I’m never going to be arrested, have dogs set upon me or be threatened with bodily harm. But hey! this movie says thats OK. I can join in the great cause by just..writing..gossip.
A modern version of this movie would be called “The Private Jet” because back then only the uber wealthy in the North and South had maids. The “help” for the rest of us was Hoover, Kitchenaide, Frigidaire GE.
As I’ve come to understand the trope of the white savior and the magical black man… the resulting affect is for whites to feel affinity toward black culture without having to know a black person on an individual level. So that kind of speaks to the level of comfort you were talking about.
But you made an excellent point about the movie essentially being about gossip. I hadn’t thought of it like that before.
Good comic Tom, I’m sure we’ve all felt a little bit like that at one film or other. Call me cynical if you will ( I prefer sceptical ) but this film strikes me as the first Oscar bait of the year. This is how I see a year in cinema: there’s the summer tsunami of mostly rubbish blockbusters with a riptide of kids’ films ( mostly Pixar wannabes these days ). As the leaves turn the big budget films with worthy storylines and earnest characters played by Serious Actors like Tim Robbins and Meryl Streep start to pop up, like autumn mushrooms. There’s a few months of this, before the Christmas romcoms and more kiddie films roll in with the inevitable Coke adverts. This is punctuated around Halloween by a short rash of bad horror sequels, and the whole process is padded out with bad comedies, romcoms and Bourne ripoffs. After the Oscar winter kills all this off, there are a few weeks where films which were either so bad they were put back or far enough away from the mainstream get a release, before the cycle starts again. Once in roughly every thirty films something good appears.

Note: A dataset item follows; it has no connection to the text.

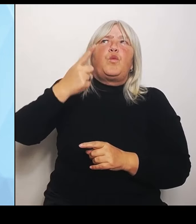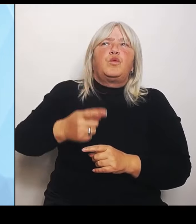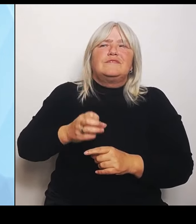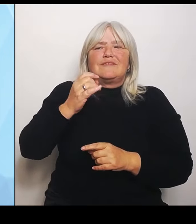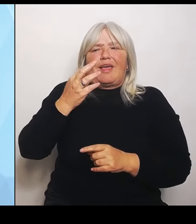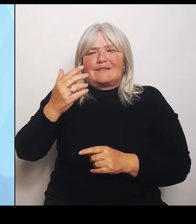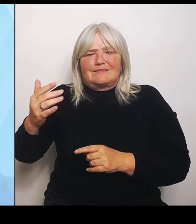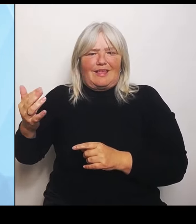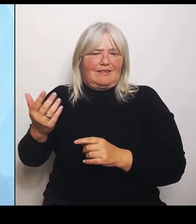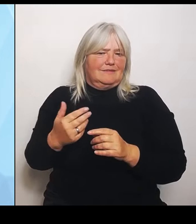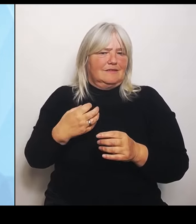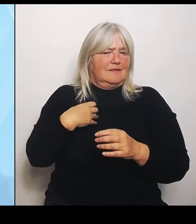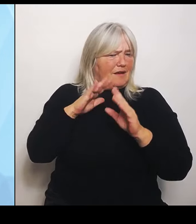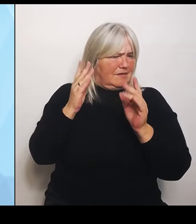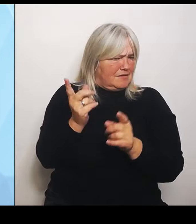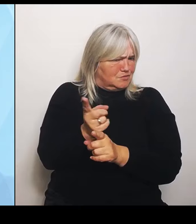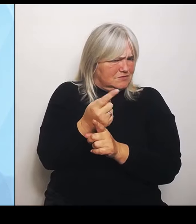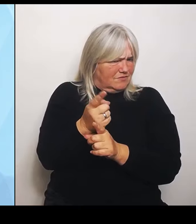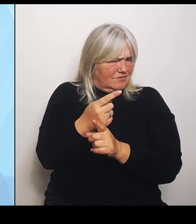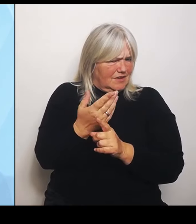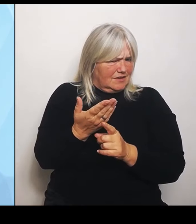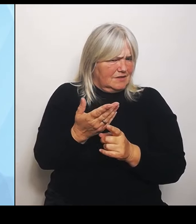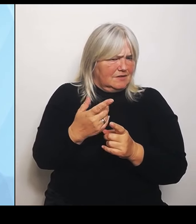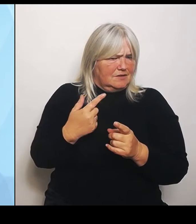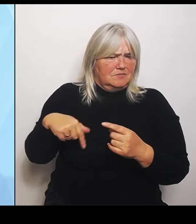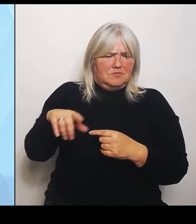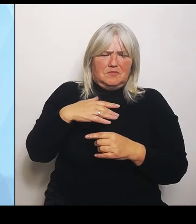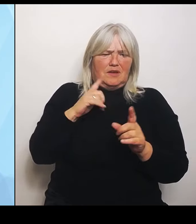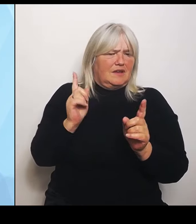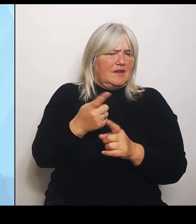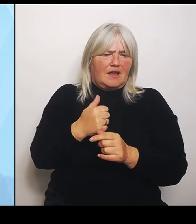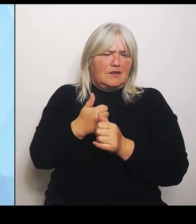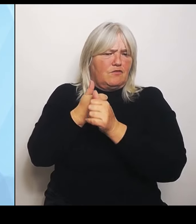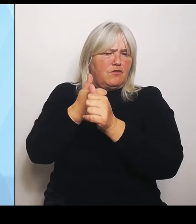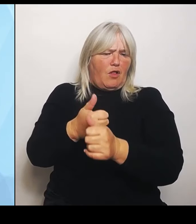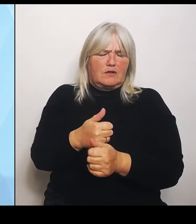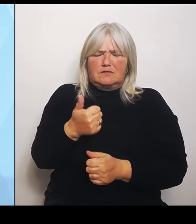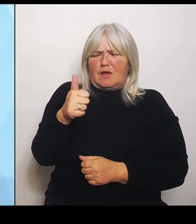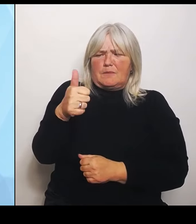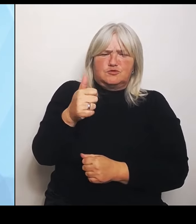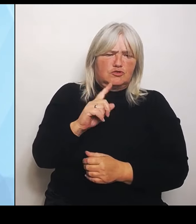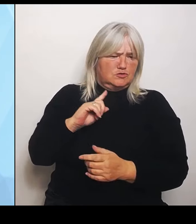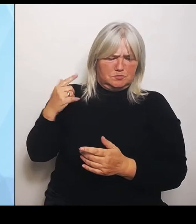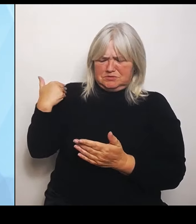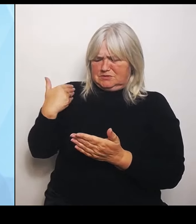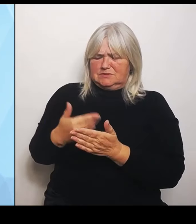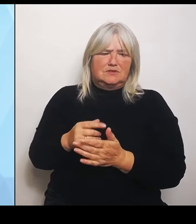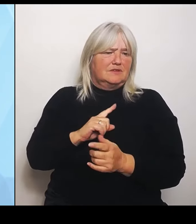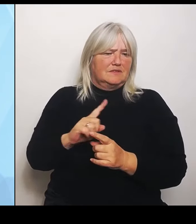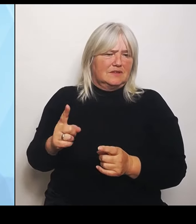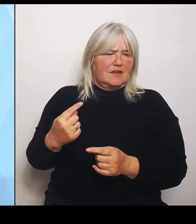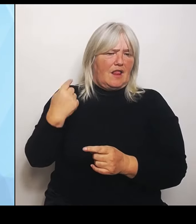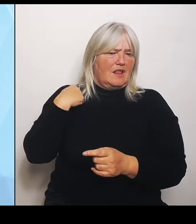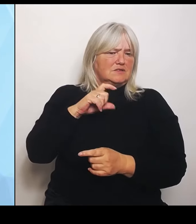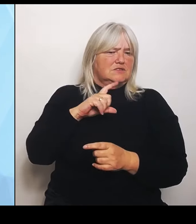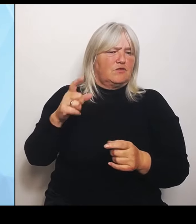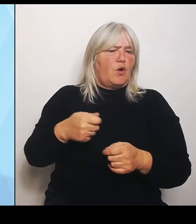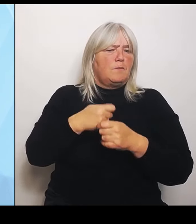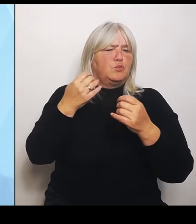Bis heute nicht. Das wurde ja letzte Woche im Bundestag abgestimmt. Er hat uns keine Folgenabschätzung vorgelegt, wo er beweisen kann oder

Hmmm… this situation seems familiar.
I get what you’re saying about the whole “white savior” aspect of the film – that was an early criticism from even before The Help was released – and I agree with you about the whole Jessica Chastain storyline seeming out of place in the grand scheme of the story. Since it was based on the book, I guess they felt obliged to keep it in, especially when the director is the childhood friend of the book’s author.
Still, is it wrong that I think this is the best movie released so far this year?